The traditional marriage vows said “for richer, for poorer, in sickness and in health to death do us part”. They were written as a commitment that way because in the history of mankind, the good times are the exception; pain and heart ache are the rule. A relationship built on “what I get out of it at the moment” will not survive when the hard times come that eclipse the excitement and passion that brought lovers together. Yet, we all need someone(s) that will be there when we are in trouble. We all, by fate or by our own poor judgments, will come to a point where we are not as lovely and desirable as we once were. I know it will come to a shock to readers under 35 years old and healthy, but in your life you will spend a significant number of years over 60 years old where health issues impinge greatly on the recreational based lifestyle young people think will go on forever.
Almost a decade ago ago I watched as my father-in-law began to slip away after 62 years of marriage. He had someone there for him, several someones. His wife and his two daughters were right beside him to the end. This is the kind of security marriage and family bring.
Once in a polyamory blog I read one blogger who was right up front that polyamory is about getting his needs met and if a partner does not want to meet his needs, he has no intention to stick with that person. That may be well and good when you are 29 years old, but that kind of selfishness will, in the end, bring many lonely years. The whole loose tribal type of polyamory with people coming and going, will not bring the kind of security most people desire. I am amused at the term “tribal” in these cases because in a real tribe, the bond is for life and the individual will sacrifice all, even life, for the tribe. I the modern poly usage, tribalism does not convey this sort of deep comment at all. This is why the commune movement of the late 60’s early 70’s didn’t last for a decade. Tribalism and marriage both require a level of commitment that requires everything you are to make it work and to gain the benefits of group solidarity. There is no solidarity without commitment.

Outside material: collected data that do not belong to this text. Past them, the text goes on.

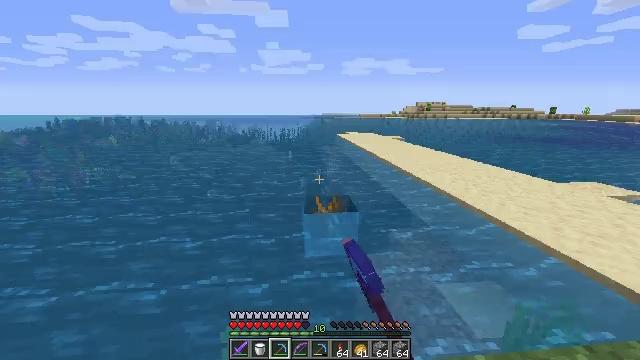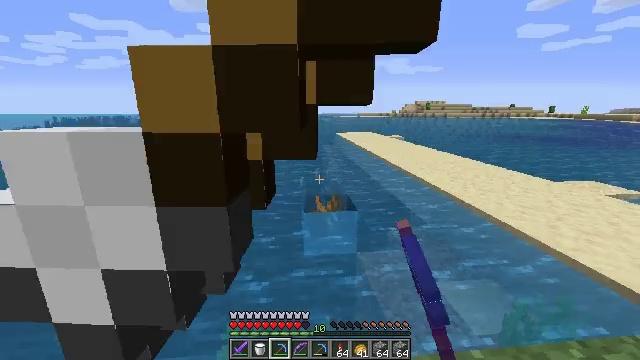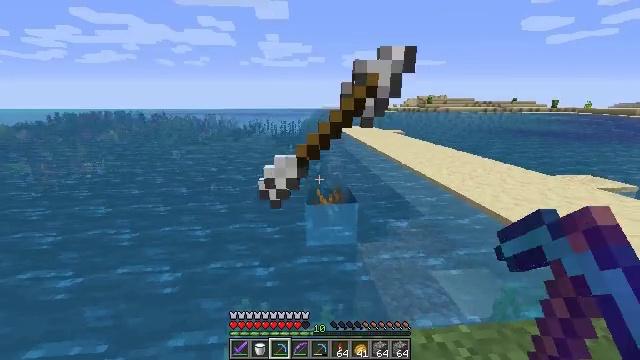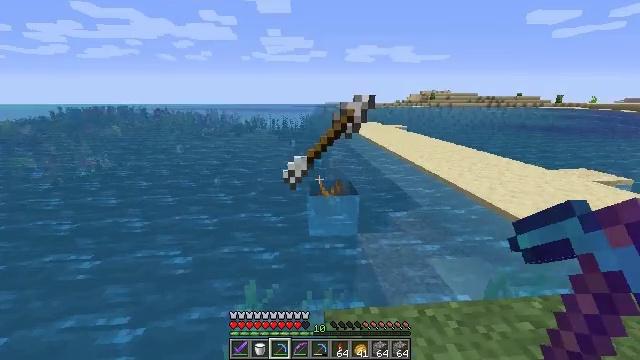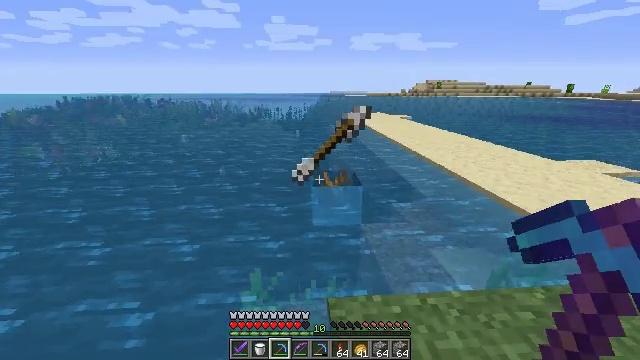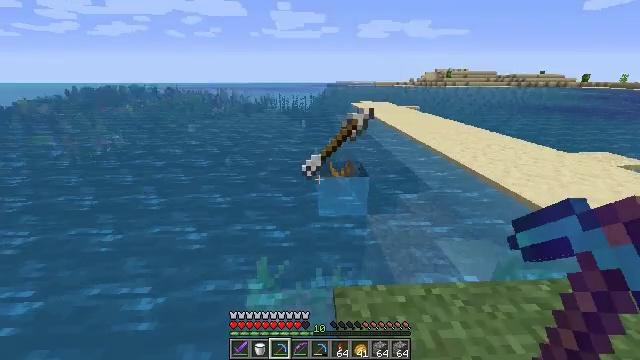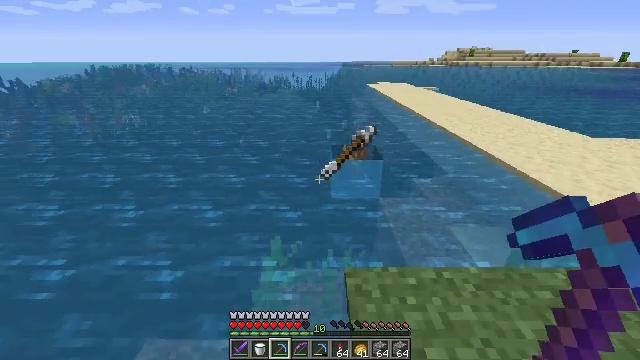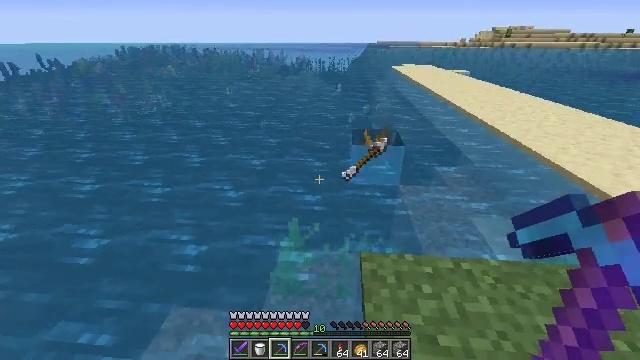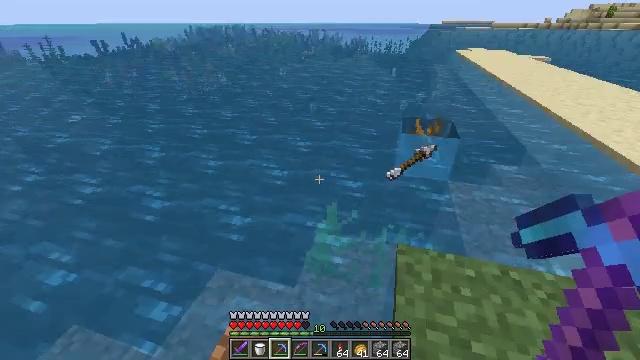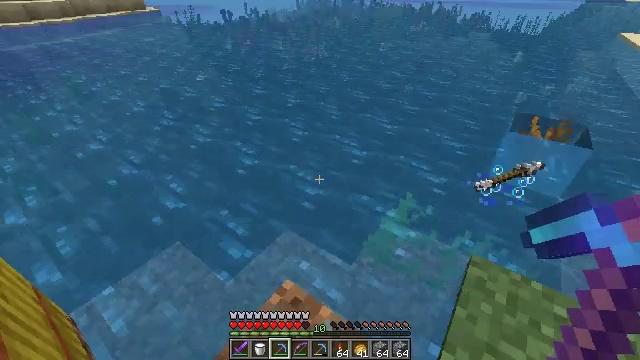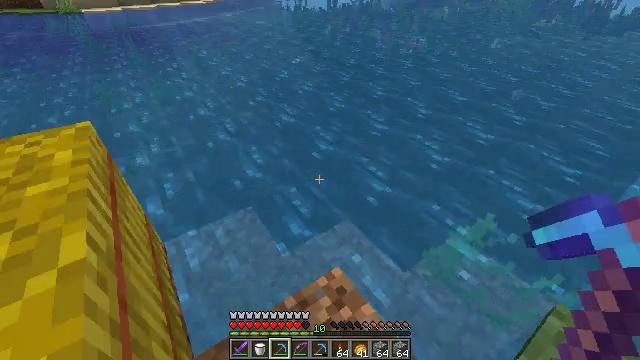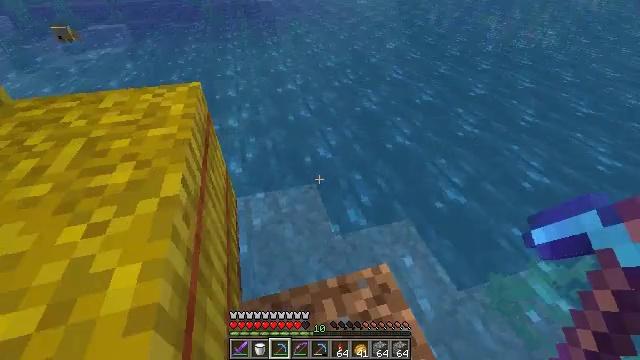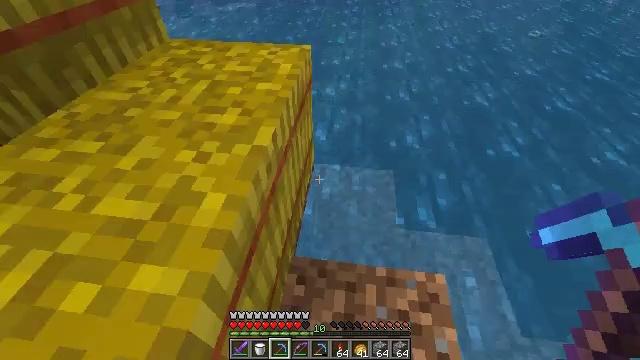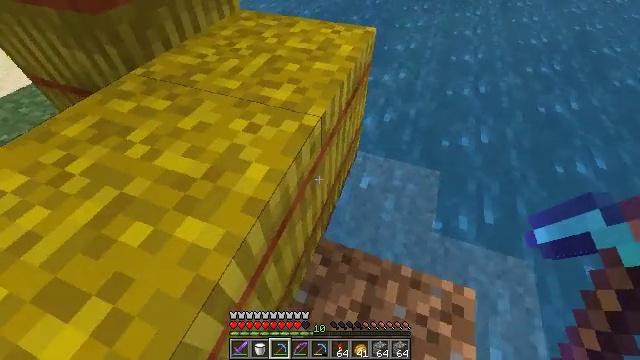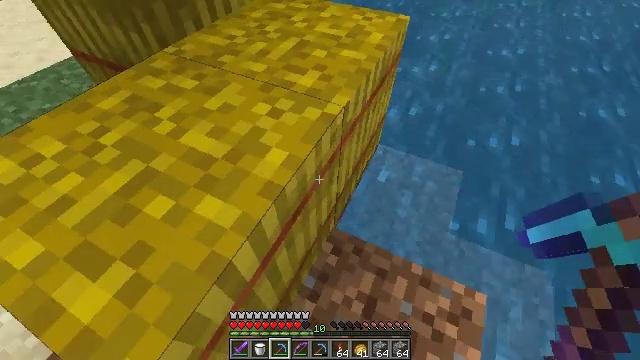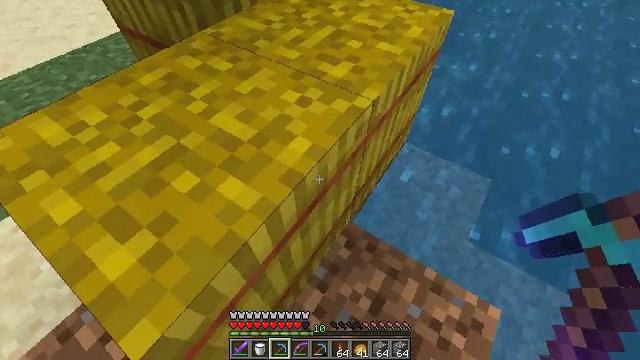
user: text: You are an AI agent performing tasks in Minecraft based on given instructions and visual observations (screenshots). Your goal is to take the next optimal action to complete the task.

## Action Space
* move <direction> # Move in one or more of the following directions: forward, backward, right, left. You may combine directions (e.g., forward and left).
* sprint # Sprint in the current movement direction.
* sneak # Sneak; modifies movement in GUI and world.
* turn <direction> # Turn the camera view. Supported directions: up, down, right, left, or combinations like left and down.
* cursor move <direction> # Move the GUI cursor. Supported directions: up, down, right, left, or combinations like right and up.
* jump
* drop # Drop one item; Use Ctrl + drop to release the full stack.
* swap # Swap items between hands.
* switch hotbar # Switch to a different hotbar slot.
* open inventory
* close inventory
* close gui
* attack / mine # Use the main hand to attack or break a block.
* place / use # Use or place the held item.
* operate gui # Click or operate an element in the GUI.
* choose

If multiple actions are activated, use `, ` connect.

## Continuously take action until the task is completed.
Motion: motion action
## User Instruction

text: Mine a hay block from the field.
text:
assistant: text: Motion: move back
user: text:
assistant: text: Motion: move back, turn down
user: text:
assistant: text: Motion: move back, turn down
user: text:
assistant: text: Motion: move back, turn down
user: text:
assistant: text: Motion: move back, turn left and down
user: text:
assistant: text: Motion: turn left and down
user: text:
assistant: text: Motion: turn left and down
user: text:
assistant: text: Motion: turn left and down
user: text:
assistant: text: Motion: turn left and down
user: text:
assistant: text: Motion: turn left and down
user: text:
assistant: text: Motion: turn left and down
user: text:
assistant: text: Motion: turn left and down
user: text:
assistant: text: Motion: turn left and down
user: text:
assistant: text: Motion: turn left and down
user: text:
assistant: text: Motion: turn left and down
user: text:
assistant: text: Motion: turn left and down
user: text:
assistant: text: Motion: turn left
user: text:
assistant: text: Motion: turn left
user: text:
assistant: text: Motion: turn left, attack / mine
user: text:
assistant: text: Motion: attack / mine
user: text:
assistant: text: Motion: attack / mine
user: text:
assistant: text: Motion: attack / mine
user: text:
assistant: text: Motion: attack / mine
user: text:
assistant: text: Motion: attack / mine
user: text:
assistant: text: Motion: attack / mine
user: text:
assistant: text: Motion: turn up, attack / mine
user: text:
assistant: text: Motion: attack / mine
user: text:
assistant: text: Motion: turn up, attack / mine
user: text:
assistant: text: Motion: attack / mine
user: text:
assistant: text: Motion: attack / mine

I am a follower of Emanuel Kant and an older philosopher by the name of Jesus of Nazareth. Both of these men taught that there is a moral imperative, a duty that supersedes our own personal wants; to treat others as having the same value as we hold for ourselves. This value is sadly missing in much of what is called polyamory. I find this vexing because the very definition of love is the commitment to treat someone else’s needs on par with your own. Hence, polyamory is just the idea of more than one person with this high level of commitment.
Back to open marriage. Marriage is about total commitment to the welfare of my spouse. The same kind of total commitment I have for my children. It is within that framework of total commitment that we have the freedom to form other relationships, both sexual and not. Just as I would never let an outside relationship come between me and my ability to be a good parent, I would never let a relationship come between me and my ability to be a good husband. It would be morally wrong of me to maintain a relationship that hurt my wife because that would betray my first commitment to her welfare. The same would be true for her.
In an open-marriage, it is always necessary to keep an open line of communication as to your spouse’s current needs. There are times when we each have different needs and it is imperative that we adjust our external relationships to meet those needs. In our case, Paula has only recently become comfortable with me dating without her. On the other hand, I have long been comfortable with her dating without me; however, there have been a few times when I have asked her to back off her dating, or let me join a relationship, or stop seeing a particular person all together. It is the implicit agreement that we each will respond to the other’s needs that allows our security in marriage to flourish while she (and occasionally I) has a social/sexual life with other men and women.
When she is dating, or even falls in love with others, it is always with the explicit understanding that her family is and always will be, the center of her life. Though she can have a rich and rewarding relationship outside our marriage, she does not mislead her lovers by implying her commitment his (or her) needs will ever of the same magnitude of her commitment to her husband and children. By this means, we maintain the ethical principles of love while still privileging the family unit.
As I said, there could indeed be room for more than two people in such a committed relationship, but the difficulty of doing so raises exponentially with each additional person. I could see us at some point having a domestic arrangement with a man or woman someday in the future. But I can’t see a three way marriage-like arrangement happening, at least for us.
So, as I continue to blog about our life in an open marriage, it is predicated on the fact we do have a real and strong marriage.